__Problem__
Leave no line out. Transcribe the whole listing exactly.

━━━━

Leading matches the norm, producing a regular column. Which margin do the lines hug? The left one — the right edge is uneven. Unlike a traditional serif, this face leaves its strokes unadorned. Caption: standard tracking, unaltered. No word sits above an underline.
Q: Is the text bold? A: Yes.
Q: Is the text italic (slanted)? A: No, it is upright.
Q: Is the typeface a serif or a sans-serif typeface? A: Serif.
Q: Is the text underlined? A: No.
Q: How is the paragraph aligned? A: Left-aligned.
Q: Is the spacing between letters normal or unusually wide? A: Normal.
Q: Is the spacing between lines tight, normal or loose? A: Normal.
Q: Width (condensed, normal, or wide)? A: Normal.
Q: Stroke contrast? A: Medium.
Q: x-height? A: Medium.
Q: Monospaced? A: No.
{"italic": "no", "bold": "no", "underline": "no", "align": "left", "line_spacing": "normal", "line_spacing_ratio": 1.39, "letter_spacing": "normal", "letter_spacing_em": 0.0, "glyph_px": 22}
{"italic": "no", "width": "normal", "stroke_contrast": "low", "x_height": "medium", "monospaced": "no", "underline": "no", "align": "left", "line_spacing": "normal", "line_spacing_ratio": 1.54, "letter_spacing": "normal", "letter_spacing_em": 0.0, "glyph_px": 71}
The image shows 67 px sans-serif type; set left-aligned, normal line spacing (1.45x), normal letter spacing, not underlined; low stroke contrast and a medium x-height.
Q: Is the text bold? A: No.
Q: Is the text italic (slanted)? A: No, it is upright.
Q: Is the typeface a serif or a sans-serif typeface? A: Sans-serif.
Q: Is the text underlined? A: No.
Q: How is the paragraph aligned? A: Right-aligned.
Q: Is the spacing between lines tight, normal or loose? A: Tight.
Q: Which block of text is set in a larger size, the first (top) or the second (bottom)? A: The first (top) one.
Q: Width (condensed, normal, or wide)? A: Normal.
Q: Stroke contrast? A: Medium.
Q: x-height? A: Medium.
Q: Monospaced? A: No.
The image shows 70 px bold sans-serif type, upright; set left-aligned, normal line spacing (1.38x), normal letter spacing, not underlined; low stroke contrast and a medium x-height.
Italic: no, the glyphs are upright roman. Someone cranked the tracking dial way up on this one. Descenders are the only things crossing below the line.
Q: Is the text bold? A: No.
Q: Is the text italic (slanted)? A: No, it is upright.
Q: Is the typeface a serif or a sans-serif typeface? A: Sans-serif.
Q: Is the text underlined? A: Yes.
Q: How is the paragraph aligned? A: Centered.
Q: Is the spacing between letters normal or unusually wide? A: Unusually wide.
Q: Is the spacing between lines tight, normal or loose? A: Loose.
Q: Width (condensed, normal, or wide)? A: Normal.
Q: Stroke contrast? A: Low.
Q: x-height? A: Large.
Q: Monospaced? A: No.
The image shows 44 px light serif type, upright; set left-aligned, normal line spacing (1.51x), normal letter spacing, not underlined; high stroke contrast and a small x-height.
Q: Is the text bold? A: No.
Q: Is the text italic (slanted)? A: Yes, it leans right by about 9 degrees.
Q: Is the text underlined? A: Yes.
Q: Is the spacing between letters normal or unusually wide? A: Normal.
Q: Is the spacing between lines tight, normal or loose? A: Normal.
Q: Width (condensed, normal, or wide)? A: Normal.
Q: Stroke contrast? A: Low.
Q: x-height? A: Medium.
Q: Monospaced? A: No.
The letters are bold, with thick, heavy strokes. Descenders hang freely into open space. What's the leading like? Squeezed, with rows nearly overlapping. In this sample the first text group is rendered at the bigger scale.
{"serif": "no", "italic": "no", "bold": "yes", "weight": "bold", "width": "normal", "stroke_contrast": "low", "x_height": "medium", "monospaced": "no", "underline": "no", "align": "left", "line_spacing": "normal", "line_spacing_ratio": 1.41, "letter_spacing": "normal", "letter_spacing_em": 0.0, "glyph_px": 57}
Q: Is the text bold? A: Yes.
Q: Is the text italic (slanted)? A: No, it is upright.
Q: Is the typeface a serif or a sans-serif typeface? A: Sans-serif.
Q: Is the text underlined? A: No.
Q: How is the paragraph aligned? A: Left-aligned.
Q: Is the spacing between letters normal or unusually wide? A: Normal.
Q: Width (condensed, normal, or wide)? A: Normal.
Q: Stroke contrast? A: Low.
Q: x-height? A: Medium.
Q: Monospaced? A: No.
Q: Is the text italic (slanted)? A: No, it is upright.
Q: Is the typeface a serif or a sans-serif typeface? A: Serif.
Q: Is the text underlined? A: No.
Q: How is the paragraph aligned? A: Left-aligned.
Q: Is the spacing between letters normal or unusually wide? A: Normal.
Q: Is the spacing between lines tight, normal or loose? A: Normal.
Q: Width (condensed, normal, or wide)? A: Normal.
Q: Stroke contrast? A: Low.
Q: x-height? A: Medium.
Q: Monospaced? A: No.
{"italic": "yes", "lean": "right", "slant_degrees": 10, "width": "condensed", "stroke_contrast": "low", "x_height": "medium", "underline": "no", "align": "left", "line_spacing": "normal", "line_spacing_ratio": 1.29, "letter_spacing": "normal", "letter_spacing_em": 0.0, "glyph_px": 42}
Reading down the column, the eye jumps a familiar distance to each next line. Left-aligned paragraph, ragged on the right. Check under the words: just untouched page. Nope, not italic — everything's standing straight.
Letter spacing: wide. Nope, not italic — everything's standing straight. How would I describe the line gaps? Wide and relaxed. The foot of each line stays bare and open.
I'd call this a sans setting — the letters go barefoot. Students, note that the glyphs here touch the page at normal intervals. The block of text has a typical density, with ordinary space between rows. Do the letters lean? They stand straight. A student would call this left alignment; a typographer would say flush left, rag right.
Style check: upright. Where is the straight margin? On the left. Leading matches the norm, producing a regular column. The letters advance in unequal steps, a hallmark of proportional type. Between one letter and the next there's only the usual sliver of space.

━━━━

__Output for this exercise__
Leading matches the norm, producing a regular column. Which margin do the lines hug? The left one — the right edge is uneven. Unlike a traditional serif, this face leaves its strokes unadorned. Caption: standard tracking, unaltered. No word sits above an underline.
Q: Is the text bold? A: Yes.
Q: Is the text italic (slanted)? A: No, it is upright.
Q: Is the typeface a serif or a sans-serif typeface? A: Serif.
Q: Is the text underlined? A: No.
Q: How is the paragraph aligned? A: Left-aligned.
Q: Is the spacing between letters normal or unusually wide? A: Normal.
Q: Is the spacing between lines tight, normal or loose? A: Normal.
Q: Width (condensed, normal, or wide)? A: Normal.
Q: Stroke contrast? A: Medium.
Q: x-height? A: Medium.
Q: Monospaced? A: No.
{"italic": "no", "bold": "no", "underline": "no", "align": "left", "line_spacing": "normal", "line_spacing_ratio": 1.39, "letter_spacing": "normal", "letter_spacing_em": 0.0, "glyph_px": 22}
{"italic": "no", "width": "normal", "stroke_contrast": "low", "x_height": "medium", "monospaced": "no", "underline": "no", "align": "left", "line_spacing": "normal", "line_spacing_ratio": 1.54, "letter_spacing": "normal", "letter_spacing_em": 0.0, "glyph_px": 71}
The image shows 67 px sans-serif type; set left-aligned, normal line spacing (1.45x), normal letter spacing, not underlined; low stroke contrast and a medium x-height.
Q: Is the text bold? A: No.
Q: Is the text italic (slanted)? A: No, it is upright.
Q: Is the typeface a serif or a sans-serif typeface? A: Sans-serif.
Q: Is the text underlined? A: No.
Q: How is the paragraph aligned? A: Right-aligned.
Q: Is the spacing between lines tight, normal or loose? A: Tight.
Q: Which block of text is set in a larger size, the first (top) or the second (bottom)? A: The first (top) one.
Q: Width (condensed, normal, or wide)? A: Normal.
Q: Stroke contrast? A: Medium.
Q: x-height? A: Medium.
Q: Monospaced? A: No.
The image shows 70 px bold sans-serif type, upright; set left-aligned, normal line spacing (1.38x), normal letter spacing, not underlined; low stroke contrast and a medium x-height.
Italic: no, the glyphs are upright roman. Someone cranked the tracking dial way up on this one. Descenders are the only things crossing below the line.
Q: Is the text bold? A: No.
Q: Is the text italic (slanted)? A: No, it is upright.
Q: Is the typeface a serif or a sans-serif typeface? A: Sans-serif.
Q: Is the text underlined? A: Yes.
Q: How is the paragraph aligned? A: Centered.
Q: Is the spacing between letters normal or unusually wide? A: Unusually wide.
Q: Is the spacing between lines tight, normal or loose? A: Loose.
Q: Width (condensed, normal, or wide)? A: Normal.
Q: Stroke contrast? A: Low.
Q: x-height? A: Large.
Q: Monospaced? A: No.
The image shows 44 px light serif type, upright; set left-aligned, normal line spacing (1.51x), normal letter spacing, not underlined; high stroke contrast and a small x-height.
Q: Is the text bold? A: No.
Q: Is the text italic (slanted)? A: Yes, it leans right by about 9 degrees.
Q: Is the text underlined? A: Yes.
Q: Is the spacing between letters normal or unusually wide? A: Normal.
Q: Is the spacing between lines tight, normal or loose? A: Normal.
Q: Width (condensed, normal, or wide)? A: Normal.
Q: Stroke contrast? A: Low.
Q: x-height? A: Medium.
Q: Monospaced? A: No.
The letters are bold, with thick, heavy strokes. Descenders hang freely into open space. What's the leading like? Squeezed, with rows nearly overlapping. In this sample the first text group is rendered at the bigger scale.
{"serif": "no", "italic": "no", "bold": "yes", "weight": "bold", "width": "normal", "stroke_contrast": "low", "x_height": "medium", "monospaced": "no", "underline": "no", "align": "left", "line_spacing": "normal", "line_spacing_ratio": 1.41, "letter_spacing": "normal", "letter_spacing_em": 0.0, "glyph_px": 57}
Q: Is the text bold? A: Yes.
Q: Is the text italic (slanted)? A: No, it is upright.
Q: Is the typeface a serif or a sans-serif typeface? A: Sans-serif.
Q: Is the text underlined? A: No.
Q: How is the paragraph aligned? A: Left-aligned.
Q: Is the spacing between letters normal or unusually wide? A: Normal.
Q: Width (condensed, normal, or wide)? A: Normal.
Q: Stroke contrast? A: Low.
Q: x-height? A: Medium.
Q: Monospaced? A: No.
Q: Is the text italic (slanted)? A: No, it is upright.
Q: Is the typeface a serif or a sans-serif typeface? A: Serif.
Q: Is the text underlined? A: No.
Q: How is the paragraph aligned? A: Left-aligned.
Q: Is the spacing between letters normal or unusually wide? A: Normal.
Q: Is the spacing between lines tight, normal or loose? A: Normal.
Q: Width (condensed, normal, or wide)? A: Normal.
Q: Stroke contrast? A: Low.
Q: x-height? A: Medium.
Q: Monospaced? A: No.
{"italic": "yes", "lean": "right", "slant_degrees": 10, "width": "condensed", "stroke_contrast": "low", "x_height": "medium", "underline": "no", "align": "left", "line_spacing": "normal", "line_spacing_ratio": 1.29, "letter_spacing": "normal", "letter_spacing_em": 0.0, "glyph_px": 42}
Reading down the column, the eye jumps a familiar distance to each next line. Left-aligned paragraph, ragged on the right. Check under the words: just untouched page. Nope, not italic — everything's standing straight.
Letter spacing: wide. Nope, not italic — everything's standing straight. How would I describe the line gaps? Wide and relaxed. The foot of each line stays bare and open.
I'd call this a sans setting — the letters go barefoot. Students, note that the glyphs here touch the page at normal intervals. The block of text has a typical density, with ordinary space between rows. Do the letters lean? They stand straight. A student would call this left alignment; a typographer would say flush left, rag right.
Style check: upright. Where is the straight margin? On the left. Leading matches the norm, producing a regular column. The letters advance in unequal steps, a hallmark of proportional type. Between one letter and the next there's only the usual sliver of space.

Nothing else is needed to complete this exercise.